Sempre là stai. In Terrazza. A non far nulla… Bella la vita degli insegnanti in pensione (proprio lui parla, che è in pensione e giornalista, nota categoria di nullafacenti) e adesso, certo, ci scrivi uno dei soliti polpettoni dal vago senso filosofico… Sempre così, quando non sai che dire…
Forse, ma solo forse, qualche ragione ce la potrebbe avere… Però, vedete, per me la terrazza non è un luogo come un altro. Le vicende della mia vita, e gli accadimenti sociali ( diciamo così) degli ultimi anni, hanno fatto sì che divenisse…altro. Un simbolo, la definirei. E siccome aveva ragione Cassirer quando, criticando la Critica di Kant, affermava che l’Uomo non è semplicemente “animal rationalis”, ma è anche, anzi soprattutto, “animal symbolicus”, io parto da questo. Per tirar fuori, anche oggi, un articoletto.
La terrazza è legata alla casa. Ma non ne fa, realmente, parte. È un luogo separato. Non vi si vive davvero. A meno di trasformarla in veranda chiusa, magari con abuso edilizio. Da sanare alla prima moratoria. Che, per altro, sono frequenti come i raffreddori stagionali…
Ma la terrazza è un qualcosa che si sporge verso l’esterno. La casa è, o almeno dovrebbe essere, il tuo rifugio. Un luogo…intimo. La dimensione della interiorità. Il mondo è fuori. E quando esci di casa, ti avvolge e coinvolge. Ti avviluppa come un boa constrictor nelle sue spire.
Quando sei “nel mondo” non hai, quasi mai, coscienza di ciò che ti accade. E, spesso, neppure delle tue azioni. Sei troppo coinvolto. Troppo preso nella tela del, grande, ragno.
Poi, quando finalmente, rientri in casa – se la casa è davvero tale, e non un’altra stanza della tortura – ritrovi, almeno in parte, te stesso. E, talvolta, in un momento di lucidità, ti chiedi come hai fatto a fare, o subire, tante cose. Laggiù. All’esterno.
La terrazza rappresenta qualcosa di sospeso. Tra l’interno e l’esterno. Tra il luogo in cui ti ritiri, l’ultimo residuo della tana, del nido – e qui verrebbe da tirare fuori Verga e la sua Casa del Nespolo – e dove, invece, ti perdi e disperdi. Dove sei uno dei tanti. Folla nella folla.
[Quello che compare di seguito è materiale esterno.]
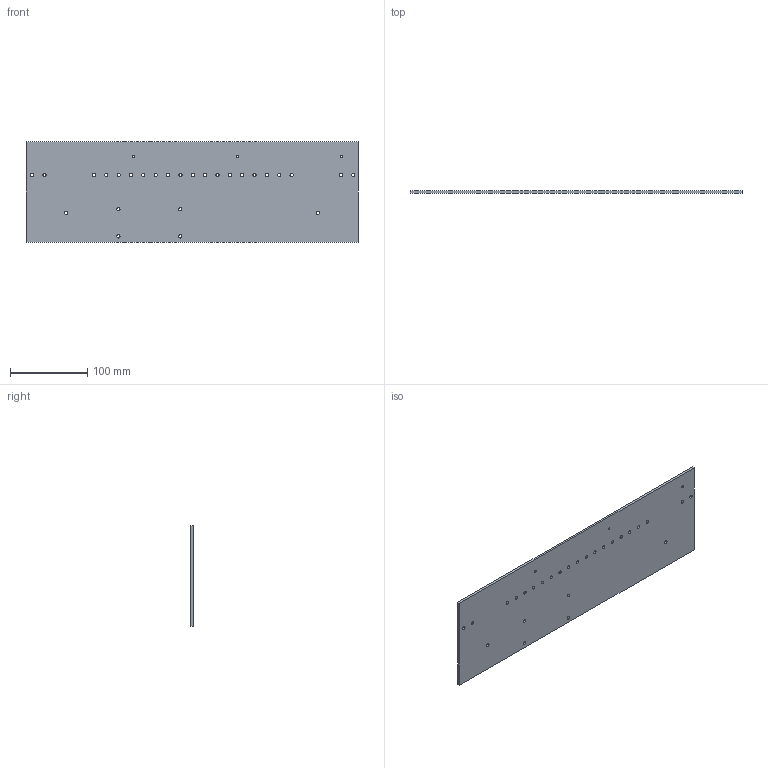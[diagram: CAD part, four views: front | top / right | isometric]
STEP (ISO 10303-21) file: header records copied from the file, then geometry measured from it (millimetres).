
FILE_DESCRIPTION(/* description */ ('STEP AP242','CAx-IF Rec.Pracs.---Representation and Presentation of Product Manufacturing Information (PMI)---4.0---2014-10-13','CAx-IF Rec.Pracs.---3D Tessellated Geometry---0.4---2014-09-14','2;1'),/* implementation_level */ '2;1');
FILE_NAME(/* name */ '66c3e533d9fc6701032e496c',/* time_stamp */ '2024-08-20T00:37:07Z',/* author */ (''),/* organization */ (''),/* preprocessor_version */ 'ST-DEVELOPER v20',/* originating_system */ ' ',/* authorisation */ ' ');
FILE_SCHEMA (('AP242_MANAGED_MODEL_BASED_3D_ENGINEERING_MIM_LF { 1 0 10303 442 1 1 4 }'));
Length unit declared in the file: metre
Products named in the file (1): Part 1
Bounding box: 430 x 3.17 x 130 mm (x, y, z)
Volume: 176222.9 mm3; surface area: 115786.5 mm2
Topology: 1 solids, 1 shells, 36 faces, 102 edges, 68 vertices
Faces by surface type: cylinder 30, plane 6
Full cylindrical faces by diameter (mm): 3.1 x3, 4.2 x27
Entity records: 1198 total; most frequent: DIRECTION 206, CARTESIAN_POINT 177, ORIENTED_EDGE 144, EDGE_LOOP 126, FACE_BOUND 126, AXIS2_PLACEMENT_3D 97, EDGE_CURVE 72, VERTEX_POINT 68
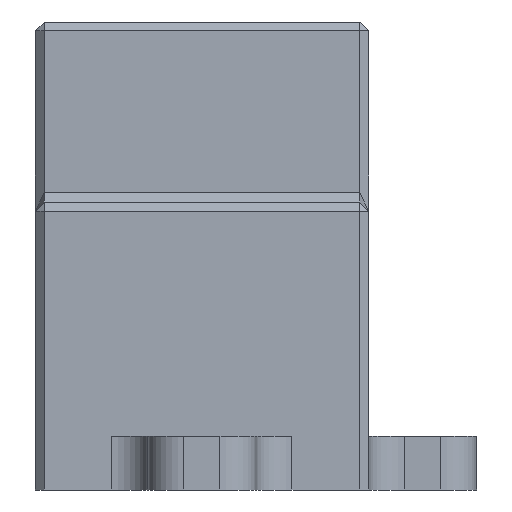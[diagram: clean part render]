
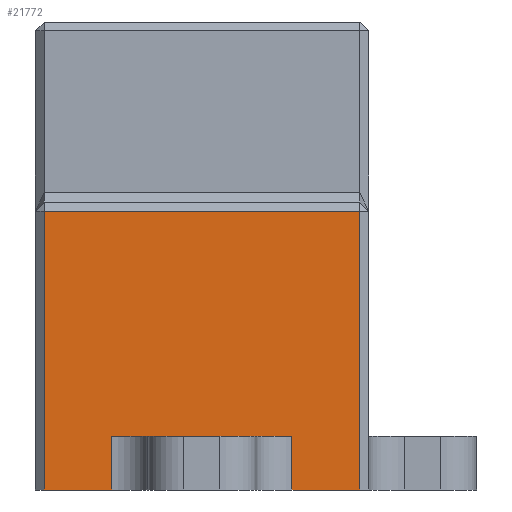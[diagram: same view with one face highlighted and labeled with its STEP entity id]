
A CAD part, left-side view. The second image highlights one B-rep face of the part: STEP entity #21772.
In plain terms, the highlighted planar face has unit normal (-1, 0, 0).
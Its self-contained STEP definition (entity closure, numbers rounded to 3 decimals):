
#46=PLANE('',#23405);
#1622=FACE_OUTER_BOUND('',#3217,.T.);
#3217=EDGE_LOOP('',(#15655,#15656,#15657,#15658,#15659,#15660,#15661,#15662));
#4812=LINE('',#31370,#7861);
#4816=LINE('',#31386,#7865);
#4846=LINE('',#31474,#7895);
#4847=LINE('',#31477,#7896);
#4848=LINE('',#31478,#7897);
#4849=LINE('',#31480,#7898);
#4850=LINE('',#31482,#7899);
#4851=LINE('',#31483,#7900);
#7861=VECTOR('',#25040,10.);
#7865=VECTOR('',#25052,10.);
#7895=VECTOR('',#25140,10.);
#7896=VECTOR('',#25143,10.);
#7897=VECTOR('',#25144,10.);
#7898=VECTOR('',#25145,10.);
#7899=VECTOR('',#25146,10.);
#7900=VECTOR('',#25147,10.);
#10961=VERTEX_POINT('',#31367);
#10962=VERTEX_POINT('',#31369);
#10969=VERTEX_POINT('',#31383);
#10970=VERTEX_POINT('',#31385);
#10999=VERTEX_POINT('',#31472);
#11000=VERTEX_POINT('',#31476);
#11001=VERTEX_POINT('',#31479);
#11002=VERTEX_POINT('',#31481);
#12476=EDGE_CURVE('',#10961,#10962,#4812,.T.);
#12484=EDGE_CURVE('',#10969,#10970,#4816,.T.);
#12529=EDGE_CURVE('',#10999,#10969,#4846,.T.);
#12530=EDGE_CURVE('',#10999,#11000,#4847,.T.);
#12531=EDGE_CURVE('',#10962,#11000,#4848,.T.);
#12532=EDGE_CURVE('',#11001,#10961,#4849,.T.);
#12533=EDGE_CURVE('',#11002,#11001,#4850,.T.);
#12534=EDGE_CURVE('',#10970,#11002,#4851,.T.);
#15655=ORIENTED_EDGE('',*,*,#12529,.F.);
#15656=ORIENTED_EDGE('',*,*,#12530,.T.);
#15657=ORIENTED_EDGE('',*,*,#12531,.F.);
#15658=ORIENTED_EDGE('',*,*,#12476,.F.);
#15659=ORIENTED_EDGE('',*,*,#12532,.F.);
#15660=ORIENTED_EDGE('',*,*,#12533,.F.);
#15661=ORIENTED_EDGE('',*,*,#12534,.F.);
#15662=ORIENTED_EDGE('',*,*,#12484,.F.);
#21772=ADVANCED_FACE('',(#1622),#46,.T.);
#23405=AXIS2_PLACEMENT_3D('',#31475,#25141,#25142);
#25040=DIRECTION('',(0.,1.,0.));
#25052=DIRECTION('',(0.,1.,0.));
#25140=DIRECTION('',(0.,0.,-1.));
#25141=DIRECTION('center_axis',(-1.,0.,0.));
#25142=DIRECTION('ref_axis',(0.,0.,1.));
#25143=DIRECTION('',(0.,-1.,0.));
#25144=DIRECTION('',(0.,0.,1.));
#25145=DIRECTION('',(0.,0.,-1.));
#25146=DIRECTION('',(0.,-1.,0.));
#25147=DIRECTION('',(0.,0.,1.));
#31367=CARTESIAN_POINT('',(-31.,-17.,-19.3));
#31369=CARTESIAN_POINT('',(-31.,-9.5,-19.3));
#31370=CARTESIAN_POINT('',(-31.,-17.,-19.3));
#31383=CARTESIAN_POINT('',(-31.,10.5,-19.3));
#31385=CARTESIAN_POINT('',(-31.,18.,-19.3));
#31386=CARTESIAN_POINT('',(-31.,-17.,-19.3));
#31472=CARTESIAN_POINT('',(-31.,10.5,-13.3));
#31474=CARTESIAN_POINT('',(-31.,10.5,-5.8));
#31475=CARTESIAN_POINT('Origin',(-31.,-17.,7.7));
#31476=CARTESIAN_POINT('',(-31.,-9.5,-13.3));
#31477=CARTESIAN_POINT('',(-31.,-8.25,-13.3));
#31478=CARTESIAN_POINT('',(-31.,-9.5,-5.8));
#31479=CARTESIAN_POINT('',(-31.,-17.,11.7));
#31480=CARTESIAN_POINT('',(-31.,-17.,7.7));
#31481=CARTESIAN_POINT('',(-31.,18.,11.7));
#31482=CARTESIAN_POINT('',(-31.,-2.,11.7));
#31483=CARTESIAN_POINT('',(-31.,18.,7.7));

Sulla terrazza non si vive. Soprattutto non si agisce…Che mai potresti fare in una dimensione tanto ristretta?
Però è un…osservatorio privilegiato. Ti permette di guardare la vita, o meglio le esistenze scorrere d’avanti a te. Senza esserne coinvolto. Luogo di distacco. Di contemplazione.
Però, naturalmente, vi è terrazza e terrazza. La porzione di mondo che osservi, cambia. E, mutando, agisce diversamente sulla tua…anima. I simboli non sono statici. Ma in perenne metamorfosi.
Per anni, molti troppi, dal terrazzino della casa dove abitavo, guardavo sempre lo stesso panorama. Un campaccio incolto dove venivano portati a pascolare i cani. Un giardino per giochi da bambini, trascurato e mezzo distrutto… Cassonetti delle immondizie straripanti…. Certo, non vi era solo questo. Anche le sagome dei Tiburtini. E soprattutto quella, solitaria, del Soratte. Ma lontane all’orizzonte. Quasi una Morgana nel deserto. Ciò che restava di un sogno.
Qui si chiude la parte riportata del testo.